After the above questions have been asked and answered, the modeler must, while building a model in the simulation language or package of choice, study its documentation thoroughly to assure an accurate match between the workflow of the system and the corresponding workflow in the model. Achieving accuracy of this match represents the task of model verification -- checking that the model's behavior on the computer matches the modeler's expectations.

5 SUMMARY AND OUTLOOK
During the rapid rise in simulation modeling usage at Ford Motor Company during the past few years, production and process engineers have become increasingly aware that valid downtime modeling is an essential ingredient of valid, credible models. Each of the following is in turn an essential ingredient of valid downtime modeling:

• avoidance of oversimplifying assumptions
• careful attention to downtime data collection
• accurate probabilistic characterizations of empirical data sets
• correct usage of simulation software in modeling process logic in the face of downtime.

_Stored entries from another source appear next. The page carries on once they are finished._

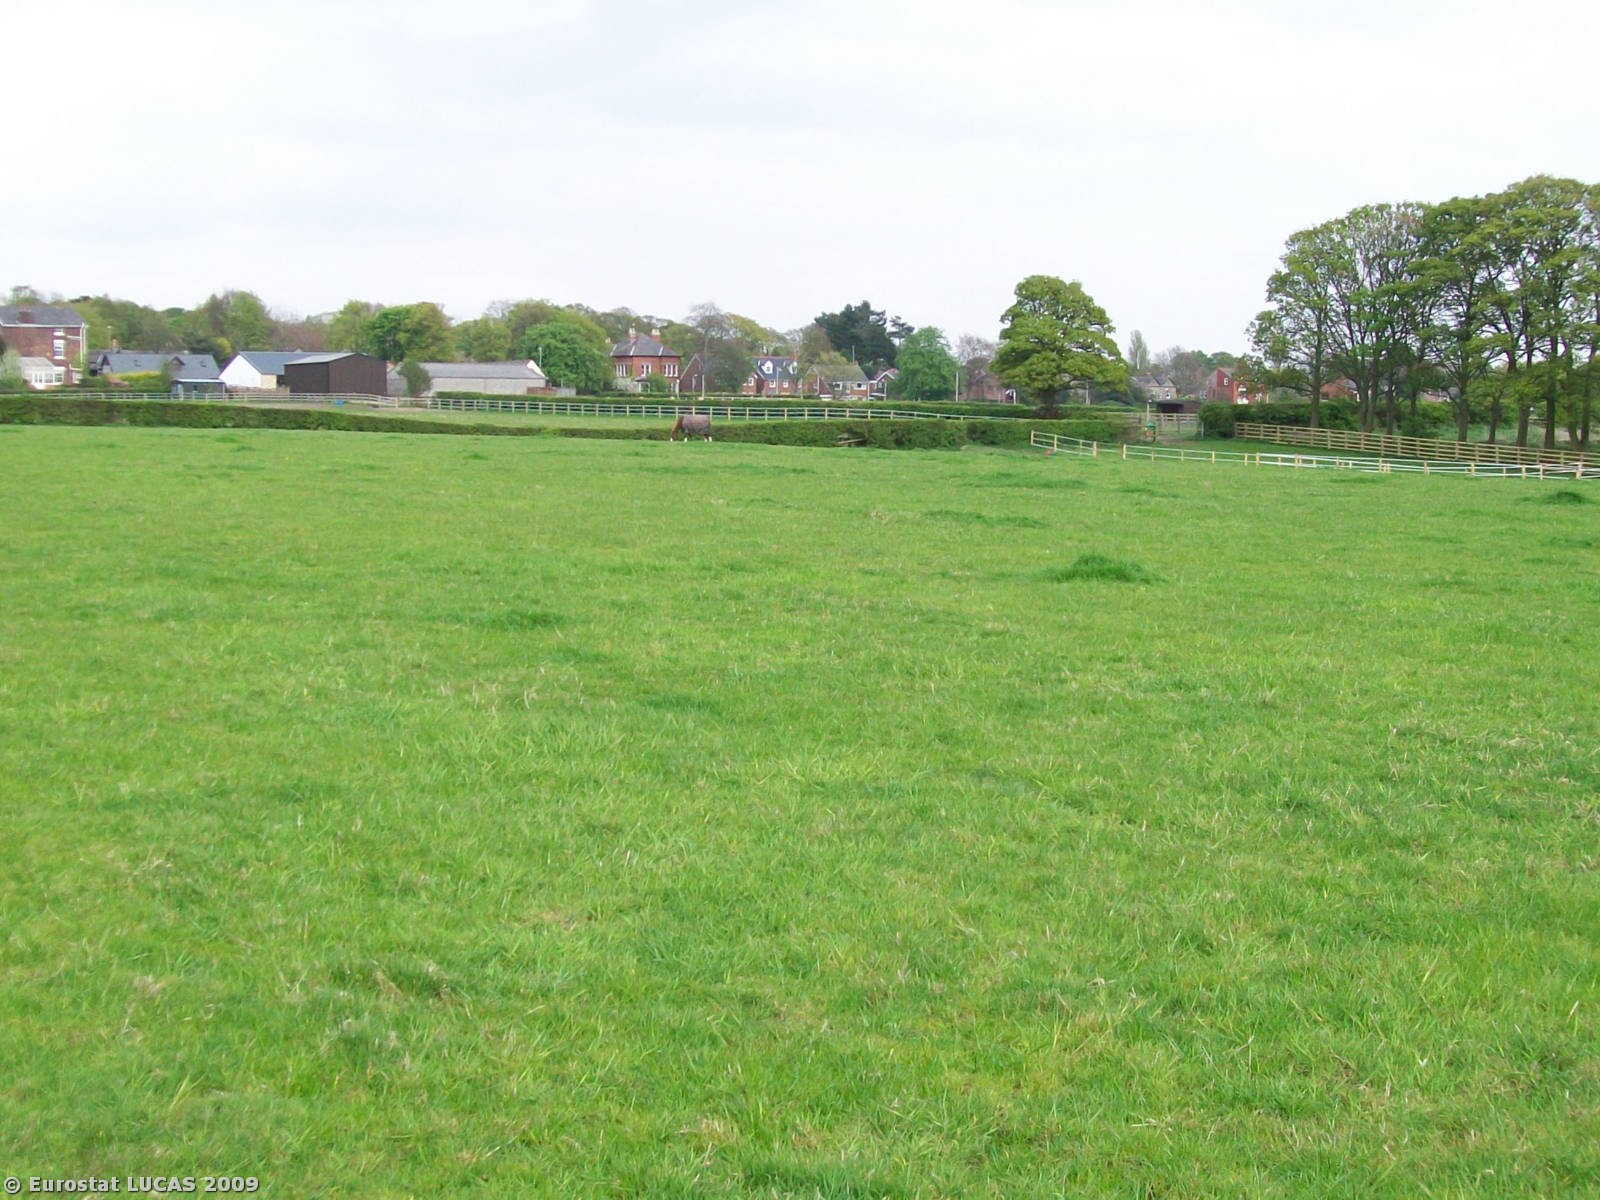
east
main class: Grassland
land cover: Grassland without tree/shrub cover
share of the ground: 50 - 75 %
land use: Agriculture (excluding fallow land and kitchen gardens)
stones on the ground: < 10 %
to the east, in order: Grassland without tree/shrub cover; Fences; Grassland without tree/shrub cover; Fences; Bare land; Fences; Grassland without tree/shrub cover; Fences; Grassland without tree/shrub cover; Fences; Grassland without tree/shrub cover
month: April
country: GB
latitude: 53.5447
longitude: -2.9153

Planned developments include implementation of automated downtime data collection, increased archival and sharing of downtime data among corporate components, and development of spreadsheet macros to smooth the interface between data collection and simulation software.

ACKNOWLEDGMENTS

Drs. Hwa-Sung Na and Sanaa Taraman of Ford Alpha, Ken Lemanski of Ford Product and Manufacturing Systems, and Dr. Onur Ulgen, president of Production Modeling Corporation and professor of Industrial and Manufacturing Engineering at the University of Michigan - Dearborn, all made valuable criticisms toward improving the clarity of this paper.

REFERENCES

Grajo, Eric S. 1992. An Analysis of Test-Repair Loops in Modern Assembly Lines. In Industrial Engineering, 54-55. Production Modeling Corporation, Dearborn, Michigan.
Law, A. M. and W. D. Kelton. 1991.Simulation Modeling and Analysis, 2d ed. New York: McGraw-Hill.
Vincent, Stephen G. and Averill M. Law. 1993. UniFit II: Total Support for Simulation Input Modeling. In Proceedings of the 1993 Winter Simulation Conference, ed. Gerald W. Evans, Mansooreh Mollaghasemi, Edward C. Russell, and William E. Biles, 199-204. Averill M. Law & Associates, Tucson, Arizona.

AUTHOR BIOGRAPHY

EDWARD J. WILLIAMS holds bachelor's and master's degrees in mathematics (Michigan State University, 1967; University of Wisconsin, 1968). From 1969 to 1971, he did statistical programming and analysis of biomedical data at Walter Reed Army Hospital, Washington, D. C. He joined Ford in 1972, where he works as a computer analyst supporting statistical and simulation software. Since 1980, he has taught evening classes at the University of Michigan, including both undergraduate and graduate simulation classes using GPSS/H, SLAM II, or SIMAN.